19th August 2013 – Don’t you just hate it when you think you are writing really well and then you meet someone who smashes all your dreams apart.  Perhaps this has never happened to you before.  You are lucky then.  I am not!

The Emerging Writer, Writers diary, the heros journey

The Hero’s journey Diagram

This happened to me over the weekend.  I went to a meeting with the Writers of the Far South Coast.  I listened to the speaker talk of a heros journey and I started to sink in my seat, my shoulders folded in on themselves and I tried to hide.

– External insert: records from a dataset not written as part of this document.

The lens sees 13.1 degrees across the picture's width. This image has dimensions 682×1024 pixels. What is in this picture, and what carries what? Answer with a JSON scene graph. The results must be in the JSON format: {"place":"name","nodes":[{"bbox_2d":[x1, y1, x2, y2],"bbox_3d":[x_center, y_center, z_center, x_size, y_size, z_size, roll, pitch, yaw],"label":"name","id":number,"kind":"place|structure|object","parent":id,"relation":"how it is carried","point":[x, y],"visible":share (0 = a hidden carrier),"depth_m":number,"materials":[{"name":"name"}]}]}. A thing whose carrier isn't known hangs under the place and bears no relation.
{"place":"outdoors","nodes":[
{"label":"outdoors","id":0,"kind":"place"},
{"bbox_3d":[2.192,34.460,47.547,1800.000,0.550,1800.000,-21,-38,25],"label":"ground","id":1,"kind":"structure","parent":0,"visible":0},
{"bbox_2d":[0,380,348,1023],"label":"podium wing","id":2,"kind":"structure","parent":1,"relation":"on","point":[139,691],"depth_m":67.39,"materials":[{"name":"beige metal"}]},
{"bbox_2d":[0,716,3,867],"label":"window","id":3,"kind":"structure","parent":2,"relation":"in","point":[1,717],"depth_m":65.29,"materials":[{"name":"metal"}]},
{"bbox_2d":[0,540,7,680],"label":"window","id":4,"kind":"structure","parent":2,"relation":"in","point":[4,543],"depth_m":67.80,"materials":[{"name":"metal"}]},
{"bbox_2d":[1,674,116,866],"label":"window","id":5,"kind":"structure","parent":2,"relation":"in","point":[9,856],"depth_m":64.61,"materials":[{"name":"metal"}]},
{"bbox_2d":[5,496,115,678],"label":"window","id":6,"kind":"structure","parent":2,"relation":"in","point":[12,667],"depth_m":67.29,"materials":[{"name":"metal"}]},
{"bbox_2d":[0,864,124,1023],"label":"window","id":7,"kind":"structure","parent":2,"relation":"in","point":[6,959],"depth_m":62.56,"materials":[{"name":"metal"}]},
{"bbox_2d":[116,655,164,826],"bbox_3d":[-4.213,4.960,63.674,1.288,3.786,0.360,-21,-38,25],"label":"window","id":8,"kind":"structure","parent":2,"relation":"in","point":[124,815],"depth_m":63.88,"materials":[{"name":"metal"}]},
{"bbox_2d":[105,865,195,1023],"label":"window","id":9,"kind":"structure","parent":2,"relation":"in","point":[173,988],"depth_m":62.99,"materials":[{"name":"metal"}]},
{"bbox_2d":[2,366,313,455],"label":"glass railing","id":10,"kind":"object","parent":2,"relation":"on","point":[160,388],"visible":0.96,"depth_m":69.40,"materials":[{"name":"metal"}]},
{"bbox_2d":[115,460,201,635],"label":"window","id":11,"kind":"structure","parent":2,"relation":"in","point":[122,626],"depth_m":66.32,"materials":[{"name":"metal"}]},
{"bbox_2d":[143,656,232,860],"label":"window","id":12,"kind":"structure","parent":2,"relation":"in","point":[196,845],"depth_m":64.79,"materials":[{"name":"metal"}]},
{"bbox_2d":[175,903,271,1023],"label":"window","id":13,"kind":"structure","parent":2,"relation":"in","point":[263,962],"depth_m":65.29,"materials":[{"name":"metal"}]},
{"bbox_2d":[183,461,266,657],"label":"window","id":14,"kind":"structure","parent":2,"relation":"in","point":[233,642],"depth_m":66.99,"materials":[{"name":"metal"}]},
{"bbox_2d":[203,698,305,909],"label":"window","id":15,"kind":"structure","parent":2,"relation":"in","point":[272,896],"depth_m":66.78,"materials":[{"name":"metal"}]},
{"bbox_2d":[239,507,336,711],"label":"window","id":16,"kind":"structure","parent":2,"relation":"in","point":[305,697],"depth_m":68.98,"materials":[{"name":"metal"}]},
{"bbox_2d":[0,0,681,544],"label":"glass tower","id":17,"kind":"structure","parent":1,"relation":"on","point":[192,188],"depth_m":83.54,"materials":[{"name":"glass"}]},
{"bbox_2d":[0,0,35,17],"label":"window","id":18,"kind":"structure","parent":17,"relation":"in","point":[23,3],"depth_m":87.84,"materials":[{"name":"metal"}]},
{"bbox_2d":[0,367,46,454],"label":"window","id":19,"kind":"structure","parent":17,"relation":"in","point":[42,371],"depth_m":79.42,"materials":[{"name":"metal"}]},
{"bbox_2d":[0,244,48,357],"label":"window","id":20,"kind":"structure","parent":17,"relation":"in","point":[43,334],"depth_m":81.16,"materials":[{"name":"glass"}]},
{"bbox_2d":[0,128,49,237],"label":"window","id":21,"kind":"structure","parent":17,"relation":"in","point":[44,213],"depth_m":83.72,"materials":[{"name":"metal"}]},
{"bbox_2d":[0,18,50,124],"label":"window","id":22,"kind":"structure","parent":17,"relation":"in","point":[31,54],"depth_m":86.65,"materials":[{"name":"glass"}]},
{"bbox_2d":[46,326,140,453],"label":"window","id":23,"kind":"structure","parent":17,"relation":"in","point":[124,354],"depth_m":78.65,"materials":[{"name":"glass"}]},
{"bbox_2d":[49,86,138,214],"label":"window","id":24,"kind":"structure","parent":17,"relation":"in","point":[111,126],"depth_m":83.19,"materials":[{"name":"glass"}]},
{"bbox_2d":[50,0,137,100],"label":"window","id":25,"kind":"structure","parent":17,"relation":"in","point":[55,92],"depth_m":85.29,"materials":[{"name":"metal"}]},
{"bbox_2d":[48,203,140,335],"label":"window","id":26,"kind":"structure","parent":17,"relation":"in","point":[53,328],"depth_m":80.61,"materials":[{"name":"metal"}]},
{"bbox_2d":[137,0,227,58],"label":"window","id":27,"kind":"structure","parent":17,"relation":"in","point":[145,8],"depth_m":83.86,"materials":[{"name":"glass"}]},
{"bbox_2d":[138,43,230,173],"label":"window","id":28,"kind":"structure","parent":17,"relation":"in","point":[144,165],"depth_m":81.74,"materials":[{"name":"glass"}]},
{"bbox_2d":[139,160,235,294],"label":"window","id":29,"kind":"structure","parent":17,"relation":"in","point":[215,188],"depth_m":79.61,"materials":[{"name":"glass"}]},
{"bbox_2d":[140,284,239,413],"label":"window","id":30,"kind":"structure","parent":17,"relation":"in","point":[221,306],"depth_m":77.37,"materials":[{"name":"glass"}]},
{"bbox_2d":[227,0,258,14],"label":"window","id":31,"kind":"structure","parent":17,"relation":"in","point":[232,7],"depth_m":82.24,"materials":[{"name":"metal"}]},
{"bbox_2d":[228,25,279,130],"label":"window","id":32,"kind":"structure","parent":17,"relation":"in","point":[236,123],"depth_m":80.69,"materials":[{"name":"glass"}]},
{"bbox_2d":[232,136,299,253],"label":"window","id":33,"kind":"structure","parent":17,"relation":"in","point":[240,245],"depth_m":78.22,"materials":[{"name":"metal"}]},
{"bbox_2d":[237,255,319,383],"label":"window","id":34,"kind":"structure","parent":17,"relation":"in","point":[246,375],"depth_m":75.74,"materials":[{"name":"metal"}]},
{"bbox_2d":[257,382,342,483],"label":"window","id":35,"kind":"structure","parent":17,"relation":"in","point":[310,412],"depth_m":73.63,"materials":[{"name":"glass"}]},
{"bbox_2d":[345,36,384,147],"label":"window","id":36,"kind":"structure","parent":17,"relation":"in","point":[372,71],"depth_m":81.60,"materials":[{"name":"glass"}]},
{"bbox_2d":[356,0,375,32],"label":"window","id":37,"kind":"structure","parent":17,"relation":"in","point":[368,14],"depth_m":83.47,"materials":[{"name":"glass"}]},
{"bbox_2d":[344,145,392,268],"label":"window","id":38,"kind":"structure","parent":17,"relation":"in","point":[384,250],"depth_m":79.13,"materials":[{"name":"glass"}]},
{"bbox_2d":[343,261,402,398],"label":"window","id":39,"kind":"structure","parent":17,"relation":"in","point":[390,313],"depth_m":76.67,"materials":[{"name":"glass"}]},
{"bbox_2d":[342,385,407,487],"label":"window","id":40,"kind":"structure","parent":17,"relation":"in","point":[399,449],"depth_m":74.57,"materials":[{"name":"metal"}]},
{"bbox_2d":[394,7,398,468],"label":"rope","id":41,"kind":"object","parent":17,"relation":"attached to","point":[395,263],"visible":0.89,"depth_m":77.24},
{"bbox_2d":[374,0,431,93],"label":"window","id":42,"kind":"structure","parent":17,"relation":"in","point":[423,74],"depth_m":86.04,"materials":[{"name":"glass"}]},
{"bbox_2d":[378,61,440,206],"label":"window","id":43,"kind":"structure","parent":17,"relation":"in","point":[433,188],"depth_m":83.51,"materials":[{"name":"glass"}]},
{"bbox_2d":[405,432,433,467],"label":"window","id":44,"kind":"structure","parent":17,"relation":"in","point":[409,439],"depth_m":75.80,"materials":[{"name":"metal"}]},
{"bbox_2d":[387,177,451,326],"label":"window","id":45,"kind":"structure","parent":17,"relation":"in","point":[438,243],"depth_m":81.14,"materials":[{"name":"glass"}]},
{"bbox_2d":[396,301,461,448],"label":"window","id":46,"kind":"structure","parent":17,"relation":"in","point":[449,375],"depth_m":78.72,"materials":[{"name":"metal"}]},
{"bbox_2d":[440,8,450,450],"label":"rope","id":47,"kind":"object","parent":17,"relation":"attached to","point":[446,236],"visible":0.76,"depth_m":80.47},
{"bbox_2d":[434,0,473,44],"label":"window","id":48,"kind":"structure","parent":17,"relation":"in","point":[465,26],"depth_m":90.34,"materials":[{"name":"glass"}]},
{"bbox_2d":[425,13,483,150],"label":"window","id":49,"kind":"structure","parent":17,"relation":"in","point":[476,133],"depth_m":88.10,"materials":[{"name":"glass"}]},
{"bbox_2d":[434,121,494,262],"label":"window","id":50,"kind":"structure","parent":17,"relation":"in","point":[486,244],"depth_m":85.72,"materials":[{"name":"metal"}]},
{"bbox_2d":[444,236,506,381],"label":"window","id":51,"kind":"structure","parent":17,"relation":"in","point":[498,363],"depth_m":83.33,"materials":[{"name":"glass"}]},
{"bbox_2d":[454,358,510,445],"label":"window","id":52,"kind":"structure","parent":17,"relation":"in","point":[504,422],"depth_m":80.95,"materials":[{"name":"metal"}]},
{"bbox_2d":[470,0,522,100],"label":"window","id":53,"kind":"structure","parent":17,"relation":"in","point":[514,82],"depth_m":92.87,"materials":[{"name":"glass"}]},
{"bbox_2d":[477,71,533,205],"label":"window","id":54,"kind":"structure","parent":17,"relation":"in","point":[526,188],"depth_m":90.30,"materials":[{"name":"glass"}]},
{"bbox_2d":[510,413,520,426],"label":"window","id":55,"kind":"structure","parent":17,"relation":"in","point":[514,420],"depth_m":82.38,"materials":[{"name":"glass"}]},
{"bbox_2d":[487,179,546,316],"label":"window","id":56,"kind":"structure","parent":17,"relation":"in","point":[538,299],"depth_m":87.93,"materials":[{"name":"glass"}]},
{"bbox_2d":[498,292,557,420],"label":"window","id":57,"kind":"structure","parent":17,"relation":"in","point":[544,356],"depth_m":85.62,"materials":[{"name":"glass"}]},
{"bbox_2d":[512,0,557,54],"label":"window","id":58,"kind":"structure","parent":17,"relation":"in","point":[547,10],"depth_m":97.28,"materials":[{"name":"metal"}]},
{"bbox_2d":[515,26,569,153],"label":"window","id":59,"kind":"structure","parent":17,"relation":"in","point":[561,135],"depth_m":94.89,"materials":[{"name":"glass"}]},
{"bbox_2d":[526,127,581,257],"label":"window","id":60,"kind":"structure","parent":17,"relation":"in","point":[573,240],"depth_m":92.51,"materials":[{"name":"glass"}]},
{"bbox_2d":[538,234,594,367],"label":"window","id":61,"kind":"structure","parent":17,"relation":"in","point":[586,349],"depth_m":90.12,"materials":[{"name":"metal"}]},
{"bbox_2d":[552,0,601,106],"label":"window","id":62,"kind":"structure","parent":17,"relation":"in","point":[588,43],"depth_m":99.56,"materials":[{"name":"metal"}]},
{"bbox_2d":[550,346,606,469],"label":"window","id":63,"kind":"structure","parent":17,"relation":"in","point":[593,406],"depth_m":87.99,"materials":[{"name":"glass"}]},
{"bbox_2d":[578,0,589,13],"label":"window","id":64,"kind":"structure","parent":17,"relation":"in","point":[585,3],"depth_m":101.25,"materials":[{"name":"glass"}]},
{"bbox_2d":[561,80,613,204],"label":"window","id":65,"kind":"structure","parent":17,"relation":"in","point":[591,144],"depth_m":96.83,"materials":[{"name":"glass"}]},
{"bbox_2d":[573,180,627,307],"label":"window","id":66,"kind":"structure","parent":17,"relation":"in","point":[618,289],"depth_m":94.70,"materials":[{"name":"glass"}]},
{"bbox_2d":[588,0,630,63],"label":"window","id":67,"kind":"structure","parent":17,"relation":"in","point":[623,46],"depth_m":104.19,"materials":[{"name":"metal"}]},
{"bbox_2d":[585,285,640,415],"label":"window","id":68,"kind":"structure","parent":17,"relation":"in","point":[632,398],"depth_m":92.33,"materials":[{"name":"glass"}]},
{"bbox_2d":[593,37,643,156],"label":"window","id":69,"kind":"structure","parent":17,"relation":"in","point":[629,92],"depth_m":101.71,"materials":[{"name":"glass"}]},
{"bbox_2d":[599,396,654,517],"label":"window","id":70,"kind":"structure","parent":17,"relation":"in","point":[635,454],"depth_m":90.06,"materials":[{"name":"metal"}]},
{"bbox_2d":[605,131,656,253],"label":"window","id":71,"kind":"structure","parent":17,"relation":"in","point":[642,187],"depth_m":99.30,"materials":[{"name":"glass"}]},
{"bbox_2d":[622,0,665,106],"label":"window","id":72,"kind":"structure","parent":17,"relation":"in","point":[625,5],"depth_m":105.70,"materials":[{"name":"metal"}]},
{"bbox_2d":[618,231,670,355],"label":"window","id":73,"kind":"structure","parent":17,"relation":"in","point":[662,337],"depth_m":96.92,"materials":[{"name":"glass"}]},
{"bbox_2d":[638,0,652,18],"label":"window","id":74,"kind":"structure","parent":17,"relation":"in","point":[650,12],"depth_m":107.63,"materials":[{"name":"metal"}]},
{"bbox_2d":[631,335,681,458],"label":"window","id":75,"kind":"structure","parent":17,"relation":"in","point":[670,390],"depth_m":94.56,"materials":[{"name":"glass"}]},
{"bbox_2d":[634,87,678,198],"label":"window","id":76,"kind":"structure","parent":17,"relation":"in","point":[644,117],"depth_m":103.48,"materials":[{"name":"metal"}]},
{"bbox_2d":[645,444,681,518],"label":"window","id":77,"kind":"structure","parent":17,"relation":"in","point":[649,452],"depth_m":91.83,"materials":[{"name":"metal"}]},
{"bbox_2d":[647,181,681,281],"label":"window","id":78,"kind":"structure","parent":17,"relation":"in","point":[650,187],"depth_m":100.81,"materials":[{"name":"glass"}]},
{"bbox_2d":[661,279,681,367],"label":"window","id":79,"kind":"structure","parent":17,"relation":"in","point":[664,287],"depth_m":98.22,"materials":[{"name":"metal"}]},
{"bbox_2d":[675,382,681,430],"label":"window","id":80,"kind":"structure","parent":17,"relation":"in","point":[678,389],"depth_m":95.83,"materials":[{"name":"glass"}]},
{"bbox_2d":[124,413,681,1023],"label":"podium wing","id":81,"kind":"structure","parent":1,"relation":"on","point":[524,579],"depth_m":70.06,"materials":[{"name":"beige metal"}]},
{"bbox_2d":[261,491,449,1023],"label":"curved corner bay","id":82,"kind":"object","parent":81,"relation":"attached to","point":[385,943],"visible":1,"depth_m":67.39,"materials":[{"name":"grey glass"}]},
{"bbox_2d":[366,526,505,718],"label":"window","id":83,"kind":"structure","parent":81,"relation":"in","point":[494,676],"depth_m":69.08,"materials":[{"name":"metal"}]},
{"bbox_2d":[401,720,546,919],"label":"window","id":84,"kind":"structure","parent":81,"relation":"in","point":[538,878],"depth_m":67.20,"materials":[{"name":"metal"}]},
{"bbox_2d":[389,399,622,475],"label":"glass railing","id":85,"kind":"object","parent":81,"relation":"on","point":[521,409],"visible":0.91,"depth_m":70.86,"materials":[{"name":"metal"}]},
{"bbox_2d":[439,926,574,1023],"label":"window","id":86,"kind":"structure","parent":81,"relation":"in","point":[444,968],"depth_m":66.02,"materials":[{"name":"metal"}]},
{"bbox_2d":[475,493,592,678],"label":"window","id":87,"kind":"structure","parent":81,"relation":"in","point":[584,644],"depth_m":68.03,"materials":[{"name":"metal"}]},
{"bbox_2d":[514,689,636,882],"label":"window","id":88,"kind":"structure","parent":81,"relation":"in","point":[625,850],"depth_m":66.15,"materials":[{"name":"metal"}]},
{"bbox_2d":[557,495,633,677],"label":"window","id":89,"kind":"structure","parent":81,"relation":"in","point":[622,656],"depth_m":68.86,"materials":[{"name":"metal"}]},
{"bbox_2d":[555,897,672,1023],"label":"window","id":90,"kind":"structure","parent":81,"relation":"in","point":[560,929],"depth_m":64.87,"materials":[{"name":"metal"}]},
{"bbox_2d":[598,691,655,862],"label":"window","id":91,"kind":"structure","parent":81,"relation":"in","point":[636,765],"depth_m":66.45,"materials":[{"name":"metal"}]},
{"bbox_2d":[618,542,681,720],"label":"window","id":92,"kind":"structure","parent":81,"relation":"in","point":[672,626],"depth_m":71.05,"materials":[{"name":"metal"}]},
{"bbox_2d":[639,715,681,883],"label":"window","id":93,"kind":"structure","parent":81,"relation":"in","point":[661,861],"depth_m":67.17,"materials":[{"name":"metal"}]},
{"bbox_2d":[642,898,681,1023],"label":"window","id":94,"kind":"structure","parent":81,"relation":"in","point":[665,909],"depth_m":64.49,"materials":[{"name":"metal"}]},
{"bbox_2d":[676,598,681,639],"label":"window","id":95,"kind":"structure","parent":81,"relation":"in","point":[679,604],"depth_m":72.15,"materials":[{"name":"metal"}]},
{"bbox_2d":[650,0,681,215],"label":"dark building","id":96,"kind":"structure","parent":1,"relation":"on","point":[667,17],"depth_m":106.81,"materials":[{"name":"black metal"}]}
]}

I have heard all of this before, dont get me wrong.  I have listened to this talk probably 4 times before.  But something about yesterday struck  me.  I searched back through my novels 87 000 words, as I sat there.  I know it is all written quite well.  I know things happen during the novel.  I know there are events and they happen in a sequence.  I know there is conflict and tension and surpirse and love and all of that stuff.  What I don’t think – is that the story truly holds itself together.

In short – I am screwed.  As a piece all on its own, it would not hold together.  If I let it go sailing down a river, it would disolve.  If I pushed it out of the nest it would crumble.  If I stood it up on the bench, it would topple over.

The hero's journey, the emerging writer, emerging writers diary

Contemplating smashing computer apart…

I was thinking about making a cake.  About all the things that makes a cake taste good, butter, sugar, cream, walnuts, chocolate and coffee.  Yum.  But with no egg the cake is nothing – it won’t hold together, it won’t bind and it won’t rise slowly in the oven.  I have just made a big pile of nice tasting ingredients, sort of mixed together.

Do I start from scratch?

Is this where I am?

Do I stop everything and pull it apart and try to build it back together?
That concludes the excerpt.